4.2. DNA Isolation and Genome Sequencing
Genomic DNA was prepared from rice grains using a ChargeSwitch® gDNA plant kit (Invitrogen, Carlsbad, CA, United States) according to the manufacturer’s protocol. Whole-genome re-sequencing of the 27 samples was performed on an Illumina HiSeq2500™ by TheragenETEX Bio Institute (Suwon, South Korea). The procedure was performed according to the standard Illumina protocol, including sample preparation and sequencing as follows: high molecular weight genomic DNA was excised from the gel and sheared using a Covaris S2 ultra sonicator system in order to get appropriate sizes and agarose gel electrophoresis was used to select fragments.

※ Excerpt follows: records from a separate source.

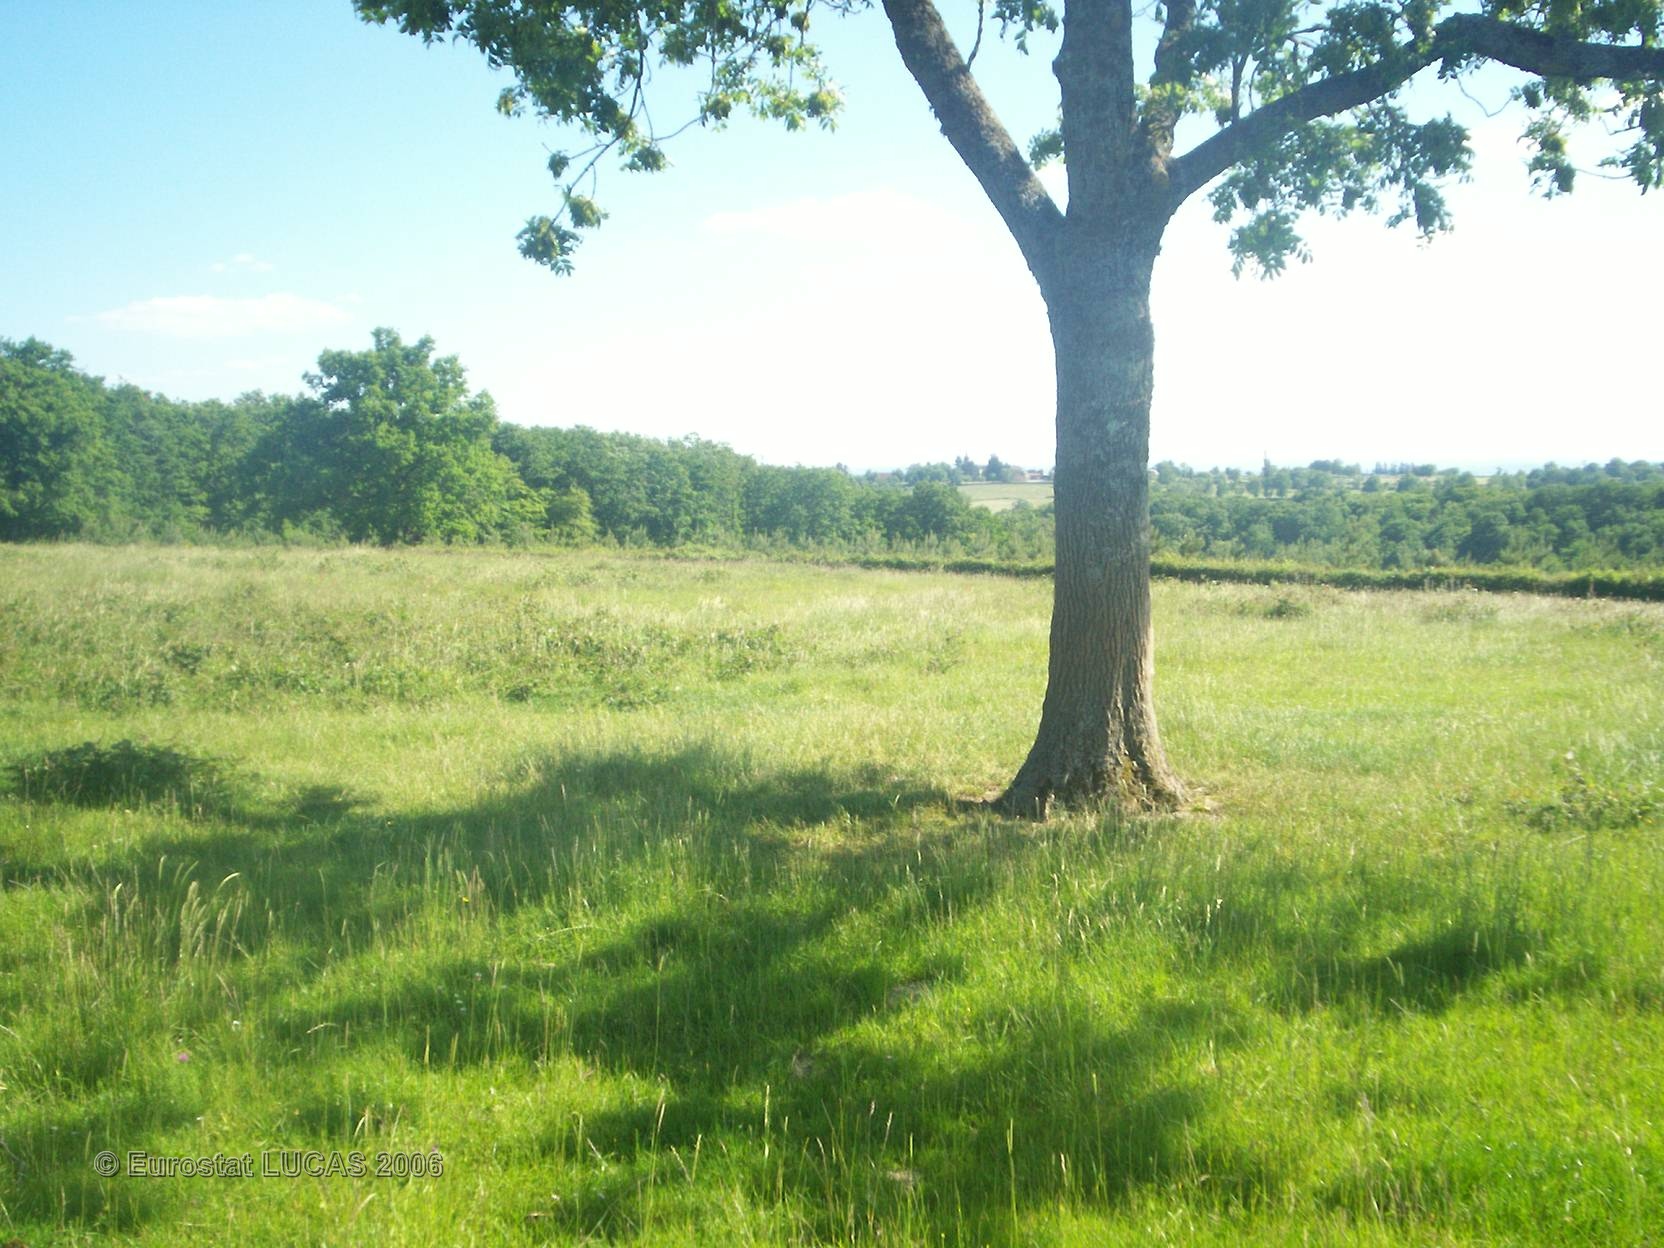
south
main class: Grassland
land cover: Grassland with sparse tree/shrub cover
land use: Agriculture (excluding fallow land and kitchen gardens)
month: June
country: FR
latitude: 46.2963
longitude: 3.1829

Libraries with short inserts of 350–450 bp for paired-end reads were prepared using a Truseq DNA sample prep kit following the manufacturer’s protocol for Illumina. Products were quantified using the Bioanalyzer 2100 (Agilent, Santa Clara, CA, USA) and sequencing was performed by establishing a library with Illumina HiSeq2500™. To ensure high quality, low-quality reads (<20) reads with adaptor sequence and duplicated reads were filtered out, and the remaining high-quality data were used in the mapping.
4.3. Mapping of Reads to the Reference
The raw reads were subjected to quality trimming (phred quality score, <Q20
) using FastQC [21
] and adapter trimming was carried out by using the parameters (-O 5 and -m 32) in version 1.0 of the cutadapt software [22
]. Furthermore, the clean reads were mapped to the temperate japonica Nipponbare reference genome, Os-Nipponbare-Reference-IRGSP-1.0 [23
], using the Burrows–Wheeler Aligner (BWA) software [15
] under the default parameters. The alignment results were then merged and indexed as BAM files [24
]. Average sequencing depth and coverage were calculated using the alignment results. The mapped reads were then used to detect SNP and InDel polymorphisms.
4.4. Detection of SNPs and InDels
We used GATK tools software [25
] to detect SNPs and InDels with its default parameters. In our analysis, InDels were defined as insertions or deletions the length of which was between 1 and 10 bp. The InDels falls on more than 10 cultivars are selected for further analysis.
4.5. Primer Design for Common InDel Markers
To design InDel markers for the detection of InDel polymorphisms by electrophoresis, we extracted only InDel regions with a large size (≥2 bp) and a high sequencing depth (DP, ≥5 fold) from each InDel list for the 17 cultivars. Primer pairs for the selected InDel regions were automatically designed by using a Perl script to control the Primer3 program [26
]. In addition, we screened primer pairs for duplication of sequences to maintain specificity. When the sequence of a primer pair matched that of another primer pair, the corresponding pairs were eliminated because they were considered redundant. PCR product size ranged from 100 to 150 bp.
4.6. PCR Validation
To validate the marker sets, we tested the primer pairs by means of gel electrophoresis. Around 10 markers were chosen so as to cover as much of the entire genome as possible, but were randomly chosen within each portion of the genome. The InDel primer sets were validated by using those 17 Chinese cultivars used for detection of the InDel regions. Furthermore, these primer sets were PCR-amplified in approximately 10 L of reaction mixture consisting of EmeraldAmp® GT PCR Master Mix (Takara, Japan) along with 5.0 pmol of each primer, and about 120 ng of the genomic DNA template. The conditions were: an initial denaturation step for 3 min at 95 °C, then 35 cycles of 20 s at 95 °C, 30 s at 55 °C, and 30 s at 72 °C, followed by a final extension for 1 min at 72 °C. PCR products were analyzed by means of gel electrophoresis on 1.5~1.7% agarose gels in Tris/borate/EDTA buffer. After staining with ethidium bromide, the band patterns on the agarose gels were photographed under Gel Doc™ 2000 Gel Documentation System (Bio-Rad, Seoul, Korea).